◆ **Work instructions**:
Restate the listing word for word; omit the images.

(Input material)

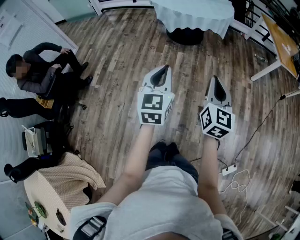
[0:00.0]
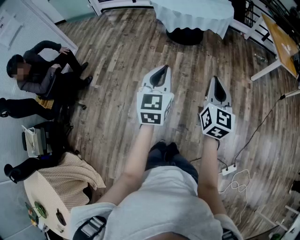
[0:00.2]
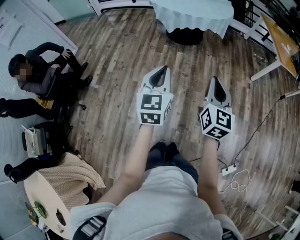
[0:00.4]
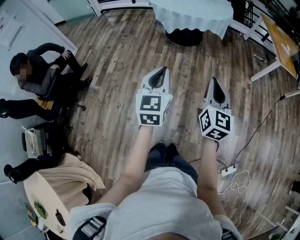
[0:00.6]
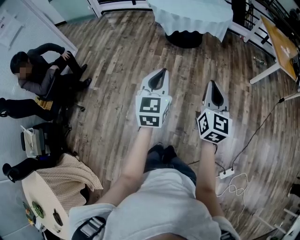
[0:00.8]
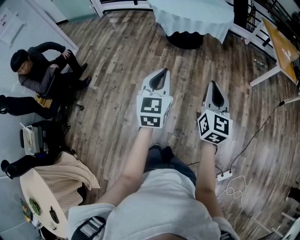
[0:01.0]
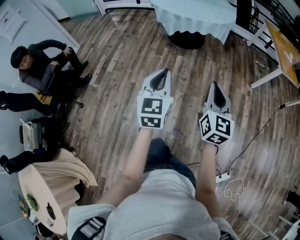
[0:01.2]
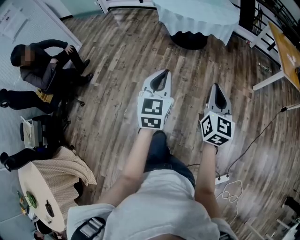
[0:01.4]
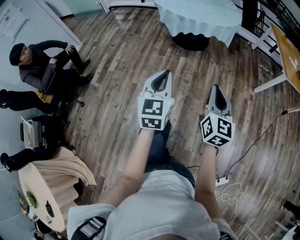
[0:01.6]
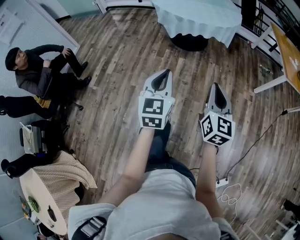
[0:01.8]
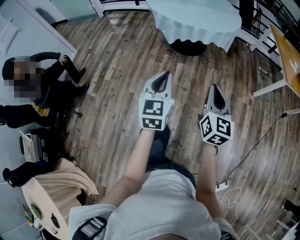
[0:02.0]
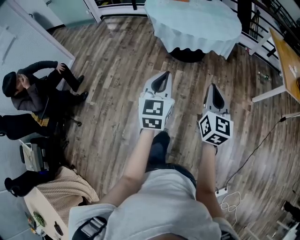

(End Input material)

◆ **Answer section**:
[0:00.0]
[0:00.2]
[0:00.4]
[0:00.6]
[0:00.8]
[0:01.0]
[0:01.2]
[0:01.4]
[0:01.6]
[0:01.8]
[0:02.0]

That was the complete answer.